Aim of the task - Scan the records for the string "transform"; copy each line where it occurs.

Input material -
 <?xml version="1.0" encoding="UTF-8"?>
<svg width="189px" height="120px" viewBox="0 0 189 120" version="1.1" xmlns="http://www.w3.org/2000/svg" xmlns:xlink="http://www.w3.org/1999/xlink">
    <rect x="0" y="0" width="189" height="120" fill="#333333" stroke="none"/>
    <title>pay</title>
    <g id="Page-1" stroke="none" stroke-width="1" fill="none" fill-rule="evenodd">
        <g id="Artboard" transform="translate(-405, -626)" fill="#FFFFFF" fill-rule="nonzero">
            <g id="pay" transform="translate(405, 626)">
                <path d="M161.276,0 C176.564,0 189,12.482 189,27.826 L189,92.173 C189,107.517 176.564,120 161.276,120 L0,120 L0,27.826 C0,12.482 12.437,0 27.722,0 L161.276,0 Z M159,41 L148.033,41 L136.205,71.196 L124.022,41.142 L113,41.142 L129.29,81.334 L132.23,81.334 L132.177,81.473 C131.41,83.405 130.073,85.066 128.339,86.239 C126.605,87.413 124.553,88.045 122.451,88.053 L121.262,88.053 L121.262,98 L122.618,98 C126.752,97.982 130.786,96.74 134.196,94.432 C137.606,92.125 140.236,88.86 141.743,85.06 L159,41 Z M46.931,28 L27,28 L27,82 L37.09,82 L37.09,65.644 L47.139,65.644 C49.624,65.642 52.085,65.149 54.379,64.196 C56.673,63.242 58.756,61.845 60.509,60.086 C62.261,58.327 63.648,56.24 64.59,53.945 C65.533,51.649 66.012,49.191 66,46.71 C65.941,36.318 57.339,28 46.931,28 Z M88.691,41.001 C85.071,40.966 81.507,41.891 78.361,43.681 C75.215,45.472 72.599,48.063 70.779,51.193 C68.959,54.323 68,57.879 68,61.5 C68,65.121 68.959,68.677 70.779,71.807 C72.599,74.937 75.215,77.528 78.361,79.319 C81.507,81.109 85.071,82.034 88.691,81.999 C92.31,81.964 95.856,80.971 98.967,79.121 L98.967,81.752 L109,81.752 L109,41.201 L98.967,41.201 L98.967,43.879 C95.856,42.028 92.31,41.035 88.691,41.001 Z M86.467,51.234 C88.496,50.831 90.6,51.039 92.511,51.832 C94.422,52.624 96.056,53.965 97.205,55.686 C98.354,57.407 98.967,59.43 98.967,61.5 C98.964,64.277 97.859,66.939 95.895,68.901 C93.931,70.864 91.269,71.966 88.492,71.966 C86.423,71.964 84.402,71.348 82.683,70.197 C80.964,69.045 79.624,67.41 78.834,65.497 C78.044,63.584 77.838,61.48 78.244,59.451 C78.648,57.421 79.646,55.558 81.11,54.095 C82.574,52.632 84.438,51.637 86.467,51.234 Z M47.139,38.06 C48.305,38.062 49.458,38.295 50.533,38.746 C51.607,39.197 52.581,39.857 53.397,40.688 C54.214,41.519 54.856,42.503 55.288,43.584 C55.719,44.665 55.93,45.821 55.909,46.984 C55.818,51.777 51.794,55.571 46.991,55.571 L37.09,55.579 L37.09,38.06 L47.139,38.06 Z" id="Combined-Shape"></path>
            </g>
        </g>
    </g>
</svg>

Finished task -
        <g id="Artboard" transform="translate(-405, -626)" fill="#FFFFFF" fill-rule="nonzero">
            <g id="pay" transform="translate(405, 626)">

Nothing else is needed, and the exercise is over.